In search of a good death: What is a good death?

BMJ 2003; 327 doi: https://doi.org/10.1136/bmj.327.7408.224 (Published 24 July 2003) Cite this as: BMJ 2003;327:224
  1. June Jones, lecturer in biomedical ethics (j.jones.1{at}bham.ac.uk),
  2. Derek Willis, lecturer in primary care
  1. Department of Primary Care, University of Birmingham, Birmingham B15 2TT

    EDITOR—Ellershaw and Ward describe how access to good palliative care should be available to all patients who are dying.1 We agree that equity of access is crucially important but disagree with the implied definition of what a good death is.
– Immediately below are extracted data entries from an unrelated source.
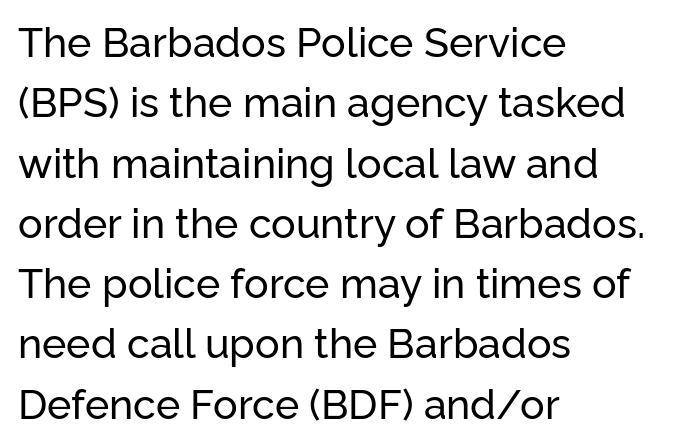
This is sans-serif lettering, the kind often seen on screens and signage. Is there much room between lines? A standard amount, neither cramped nor airy. Each word holds together tightly as a unit, with standard inter-letter gaps. The passage shown is not underscored anywhere. A typesetter would call this proportional, since set widths differ per character.
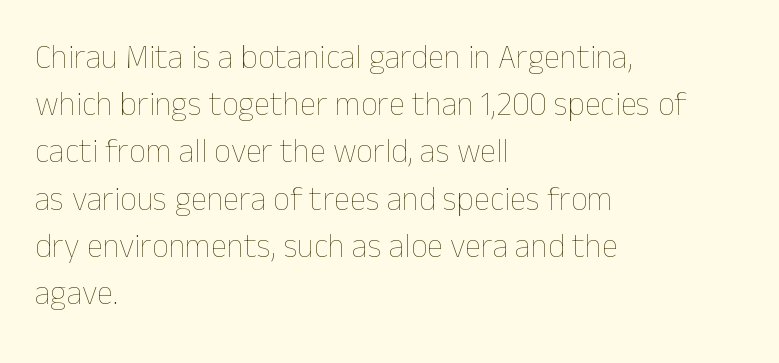
Here the designer chose a conventional face with non-uniform glyph widths. Horizontal bands of white between lines are of average thickness. Characters remain perfectly vertical along every line. No extra tracking has been applied to these lines. This sample is left-justified, so line endings fall wherever the words run out.
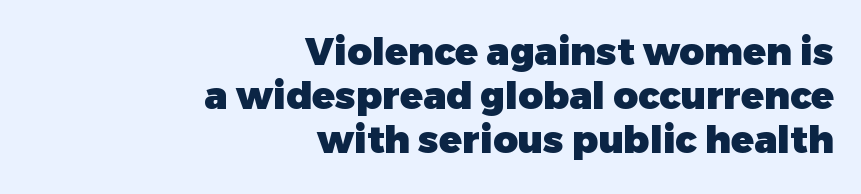
The image shows 38 px heavy sans-serif type, upright; set right-aligned, line spacing 1.16x, normal letter spacing, not underlined; low stroke contrast and a medium x-height.
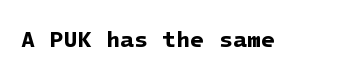
The image shows 23 px bold type; set normal letter spacing, not underlined.
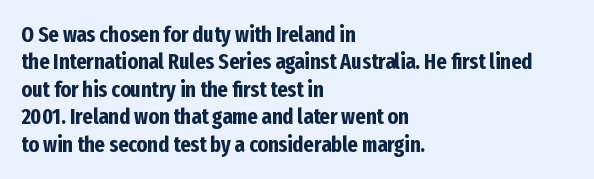
Only glyphs here, with clear space below each row. The type sits square on the baseline with zero lean. Short note: letters normally spaced. Summary of vertical rhythm: regular, with standard interline spacing. Thick stems and heavy bowls — unmistakably bold. Short and long lines alike share a common starting point at left.
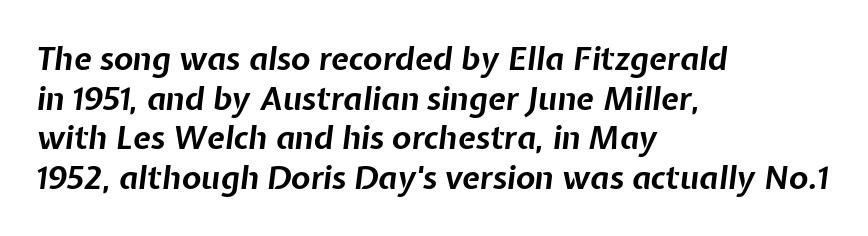
Q: Is the text bold? A: Yes.
Q: Is the text italic (slanted)? A: Yes, it leans right by about 7 degrees.
Q: Is the text underlined? A: No.
Q: How is the paragraph aligned? A: Left-aligned.
Q: Is the spacing between letters normal or unusually wide? A: Normal.
Q: Width (condensed, normal, or wide)? A: Normal.
Q: Stroke contrast? A: Low.
Q: x-height? A: Medium.
Q: Monospaced? A: No.
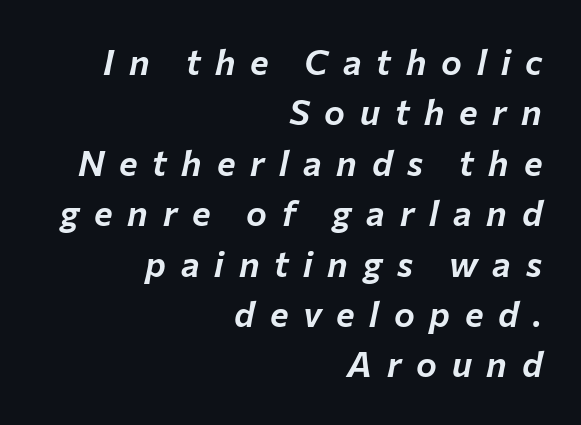
Tall strokes in this sample are angled rather than plumb. Line spacing here is normal. Lines of text with bare space underneath. Horizontal alignment here is rightward, an uncommon choice for prose.
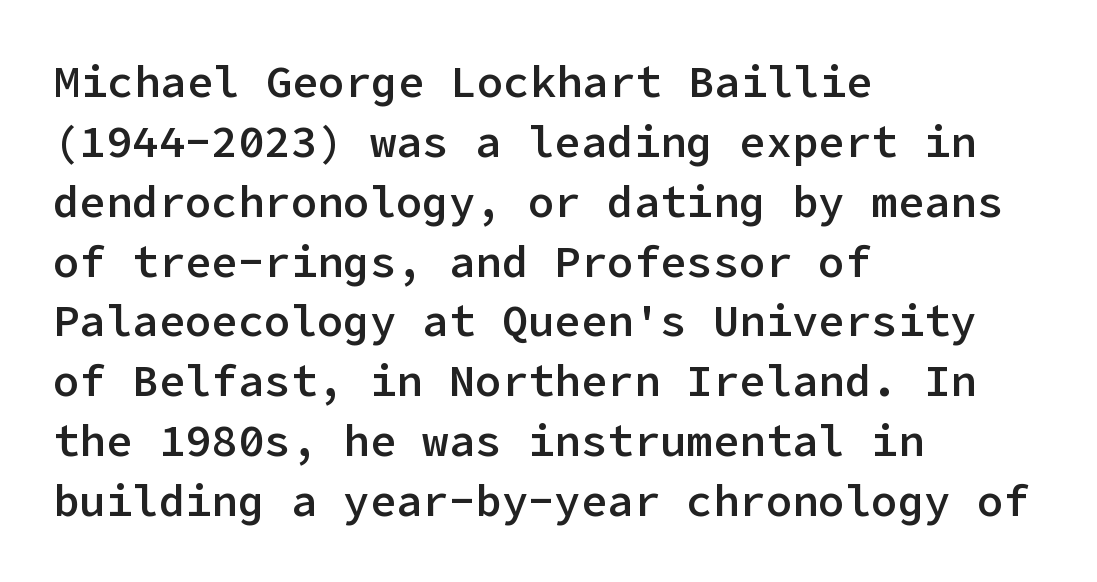
Descenders hang freely into open space. Strokes here are thickened, but only to semibold level. The letters sit at their default tracking, neither squeezed nor spread. Horizontal bands of white between lines are of average thickness. All the whitespace from short lines collects on the right. This sample uses an upright cut, with every glyph sitting square on the baseline.
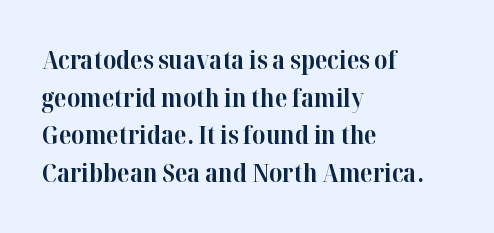
{"italic": "no", "bold": "yes", "underline": "no", "align": "left", "line_spacing": "normal", "line_spacing_ratio": 1.51, "letter_spacing": "normal", "letter_spacing_em": 0.0, "glyph_px": 25}
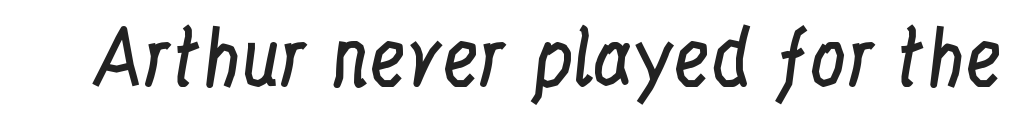
Q: Is the text bold? A: No.
Q: Is the text italic (slanted)? A: Yes.
Q: Is the typeface a serif or a sans-serif typeface? A: Serif.
Q: Is the text underlined? A: No.
Q: Is the spacing between letters normal or unusually wide? A: Normal.
Q: Width (condensed, normal, or wide)? A: Condensed.
Q: Stroke contrast? A: Low.
Q: x-height? A: Medium.
Q: Monospaced? A: No.

    The authors imply that a good death is one that is pain free, dignified, and one in which active resuscitation never occurs. If this is what the patient has requested, either verbally or through an advance directive, then this would be appropriate. However, we think that death can at times be unfair and premature and that a calm good death may not be what such a patient wishes. Such patients may wish to “rage against the dying of the light,”2 may never accept their end calmly, and may not wish to be pain free. The concept of a patient not wishing to be pain free and peaceful is so far removed from our concept of good that professionals may consider such a patient to be non-rational.

    We argue therefore that to force patients to have what we would call a good death is inherently medically paternalistic. A good death is one that is appropriate and requested for by that particular patient. Our duty as healthcare professionals is to ensure that resources and skills are available for their, not our, good death to occur.


    • Competing interests None declared.